While Thirty Girls is partly the story of survivor Esther Akello, it is even more the story of Jane Wood, a 40-something divorced American woman seeking purpose and connection in her life by writing about the abducted girls for a New York magazine. Jane flies to Nairobi to stay at the house of freespirited Lana, who gathers guests and boyfriends with such ease that Jane finds herself happily "away from normal life... People here just did things. You just went." Among Lana's hangers-on is 22-year-old Harry, with whom Jane begins a passionate affair. Competent, quiet and up for anything, Harry drives Jane--accompanied by Lana and others--to a rehabilitation hospital in Uganda to interview Esther.

"What I have inside is for me to look at alone," Esther says, with the halting hesitancy of a teen who has seen too much horror too soon. "I don't want these stories to be my life forever. I want another life." In juxtaposition, Jane and her privileged entourage bounce their Land Rover across dirt roads to northern Uganda with many stops for picnics and cliff-jumping adventures. After coaxing Esther to talk about details of her life among barbarous boy-soldier rebels, Jane begins to understand herself--that "her attachments to people turned out to be more intermittent, not entirely there... her connection to the world came only in a string of moments." She realizes that although the relationship with Harry gives her a physical center of pleasure, it won't last.

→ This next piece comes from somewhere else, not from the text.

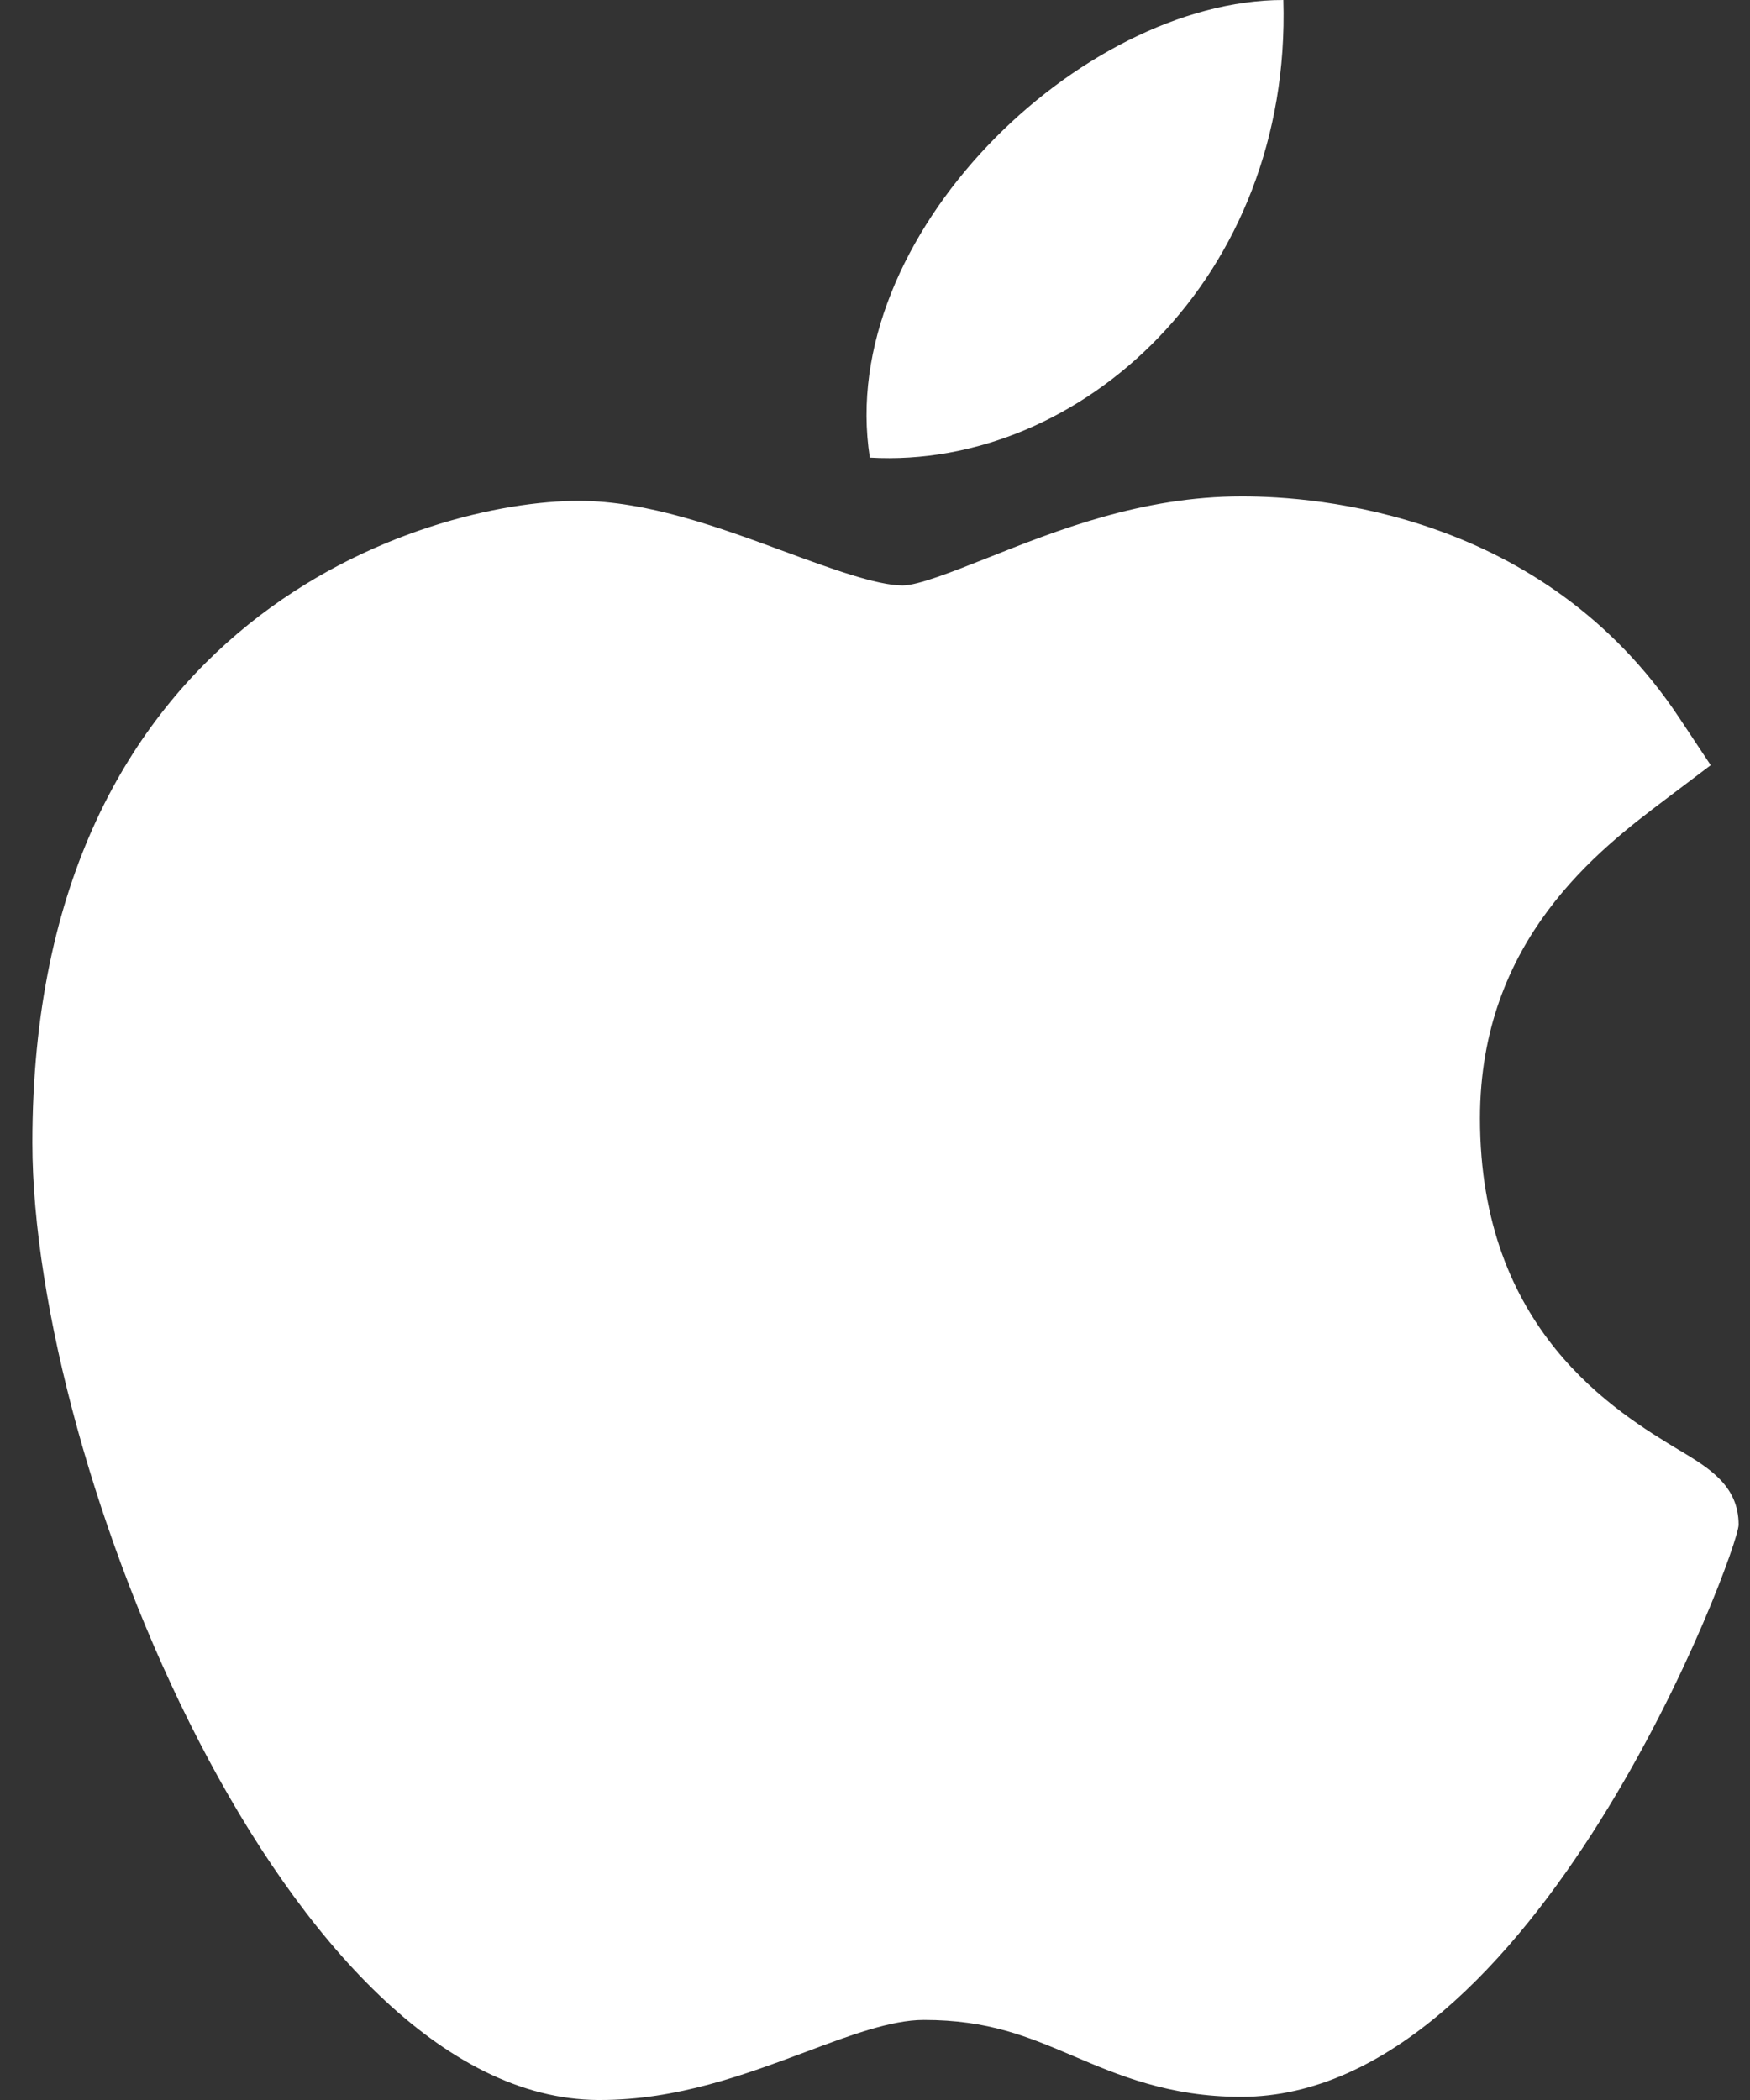 <svg width="20" height="24" viewBox="0 0 20 24" fill="none" xmlns="http://www.w3.org/2000/svg">
<rect x="0" y="0" width="20" height="24" fill="#333333" stroke="none"/>
<path fill-rule="evenodd" clip-rule="evenodd" d="M14.667 0C14.761 3.169 12.349 5.368 9.941 5.23C9.544 2.701 12.349 0 14.667 0ZM0.37 13.06C0.37 16.745 3.297 23.98 6.835 24H6.858C7.738 24 8.513 23.71 9.199 23.454L9.205 23.452C9.707 23.263 10.182 23.085 10.557 23.085C11.298 23.085 11.746 23.276 12.266 23.497L12.266 23.497C12.78 23.716 13.362 23.964 14.185 23.964C17.552 23.964 19.87 17.717 19.87 17.426C19.87 16.981 19.532 16.778 19.204 16.58L19.202 16.579L19.201 16.579C18.458 16.131 16.914 15.2 16.914 12.781C16.914 10.738 18.278 9.707 19.027 9.141L19.027 9.141L19.551 8.745L19.187 8.197C17.633 5.861 15.049 5.673 14.197 5.673H14.19C13.049 5.673 12.069 6.064 11.281 6.378L11.265 6.384C10.9 6.529 10.491 6.691 10.316 6.691C10.02 6.691 9.486 6.495 8.971 6.305C8.233 6.032 7.398 5.724 6.615 5.724C4.878 5.724 0.37 7.042 0.37 13.06Z" fill="white"/>
</svg>

As it turns out, the themes of Minot's new novel aren't that far from those of her previous work. She has an uncanny feel for the emotional hit-or-miss connections between people, but in Thirty Girls she explores them against a background of random violence and political corruption where not only hearts and minds get broken, but also human bodies. --Bruce Jacobs

Shelf Talker: In a seeming departure from Minot's previous short fiction, Thirty Girls is a novel of violent sub-Saharan Africa and the self-centered lives of those who come only to observe it.